This box set could just be the most fun and escapist package of the year. And for that it’s worth owning. 

Hi, my name is Dominic Valvona and I’m the Founder of the music/culture blog monolithcocktail.com For the last ten years I’ve featured and supported music, musicians and labels we love across genres from around the world that we think you’ll want to know about. No content on the site is paid for or sponsored and we only feature artists we have genuine respect for /love. If you enjoy our reviews (and we often write long, thoughtful ones), found a new artist you admire or if we have featured you or artists you represent and would like to buy us a coffee at https://ko-fi.com/monolithcocktail to say cheers for spreading the word, then that would be much appreciated.

ALBUM REVIEW/Dominic Valvona

David Ornette Cherry’s Organic Nation Listening Club (The Continual)
(Spiritmuse)  15th October 2021

What providence. What two outstanding luminaries to live up to. David Ornette Cherry’s name marks the extraordinary point in time when his trumpet-pioneering father Don Cherry joined forces with jazz deity Ornette Coleman on the 1958 free jazz defining Something Else!!! LP. It was also the year the musical polymath David was born.

Thankfully taken under his father’s wing, nurtured with the same freewheeling ‘cosmic nomad’ spirit, this sagacious scion of an enviable lineage continues to tread a polygenesis pathway on his latest album of on-message peregrination and rhythmic dances. Attuned to the universal vibrations, channeling the ancients and both his father’s African-American and Choctaw roots, the Organic Nation Listening Club bandleader, prompter and navigator lays out an atavistic form of electronic body movement, echoes of Hassell’s amorphous ‘fourth world’ explorations, the astral and, of course, spiritual jazz on the parenthesis entitled The Continual journey.

David leads a fourteen strong ensemble of global instrument-playing musicians and voices, which includes his niece Tyson McVey (daughter of the no less famous musical sibling, Neneh Cherry) performing vocal soundscape harmonization and wandering siren duties on the diaphanous courtly Indian accompanied, part conscious, part mindfulness yoga session, ‘So & So & So And So’ (imagine Prince joining forces with Linda Sharrock and Brother Ah). 

Almost meandering across continents, you’ll hear the resonated echoes, impressions, twine and spindled sounds of North and West Africa, the Asian sub-continent (a lovely brassy reverberation of sitar and the rhythm of tablas can be heard throughout), the Fertile Crescent and an 80s NYC melting pot on this spiritually enlivened trip. The keen-elbowed viola and tapping beat groove ‘Parallel Experience’, with its West African dun dun drum beat suggests that continent’s mood, yet also spreads its scope towards echoes of Farhot’s reimagined breakbeat visions of Afghanistan. The majestic mountain crust positioned ‘Eagle Play’ takes in musical views of not only the recurring spiritual Indian leitmotif but also Anatolia and Harilu Mergia’s Ethiopia (if put together by J Dilla that is).

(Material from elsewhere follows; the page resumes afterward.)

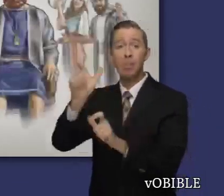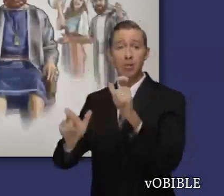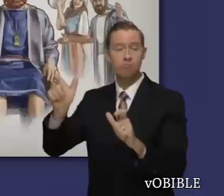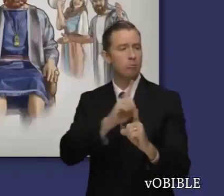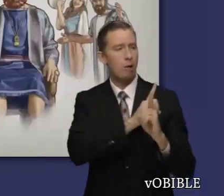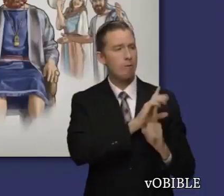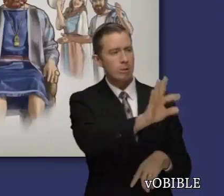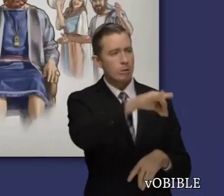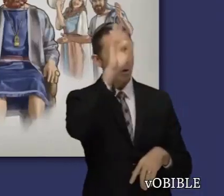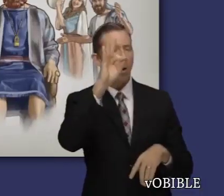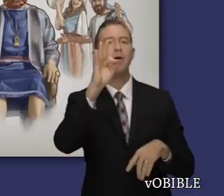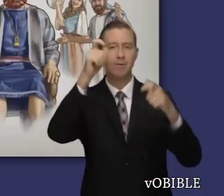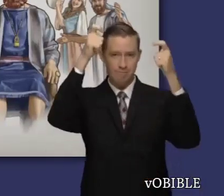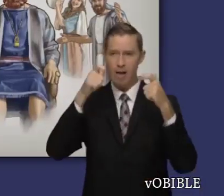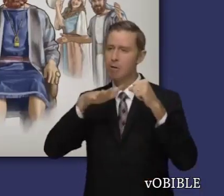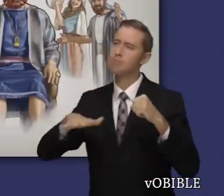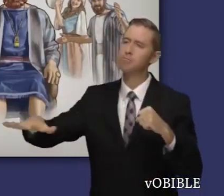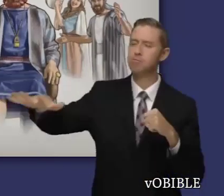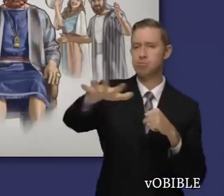hacen a David rey de todo Israel.

Elsewhere David and his human, as well as nature’s chorus of ‘hummingbird’ singing cast embody the untethered soul of Don Cherry’s Om Shanti Om and Eternal Now works (and even a touch of the musical microbe calculus of building blocks and life that you’ll find on Don’s collaboration with Terry Riley, Köln). There’s also the fluted presence of Jeremy Steig, and with the more free jazz, almost improvised interactions between David and his drummer John L. Price, electric piano player Naima Karlsson and trumpeter Paul Simms, a touch of Sam Rivers and the Chicago Underground. Meanwhile, in what is an especially expansive field of instrumentation and influence, Gemi Taylor’s guitar straddles krautrock, jazz and drifted cries of a more ambiguous nature. 

From the cosmos to the age of the Pharaohs, the garden of earthly delights to dancing through the tumult of our modern times, the rhythms of life merge with more avant-garde performances of serialism, free jazz and even the psychedelic.

All the while the mood is electric, both of the moment and the past; a both sporadic and flowing set of reincarnations existing in a timeless scene under the guidance of an outstanding musical traveller. Anchored in the history of jazz, but so much more beyond that, David lives up to the family name on another eclectic album of borderless healing and wisdom. Be sure to check in at the global retreat and take heed of the advice.  

Reviews Roundup/Brian ‘Bordello’ Shea

The cult leader of the infamous lo fi gods, The BordellosBrian ‘Bordello’ Shea has released countless recordings over the decades with his family band of hapless unfortunates, and is the owner of a most self-deprecating sound-off style blog. His most recent releases include the King Of No-Fi album, a collaborative derangement with the Texas miscreant Occult Character, Heart To Heart, and a series of double-A side singles (released so far, ‘Shattered Pop Kiss/Sky Writing’ and ‘Daisy Master Race/Cultural Euthanasia’). He has also released, under the Idiot Blur Fanboy moniker, a stripped-down classic album of resignation and Gallagher brothers’ polemics.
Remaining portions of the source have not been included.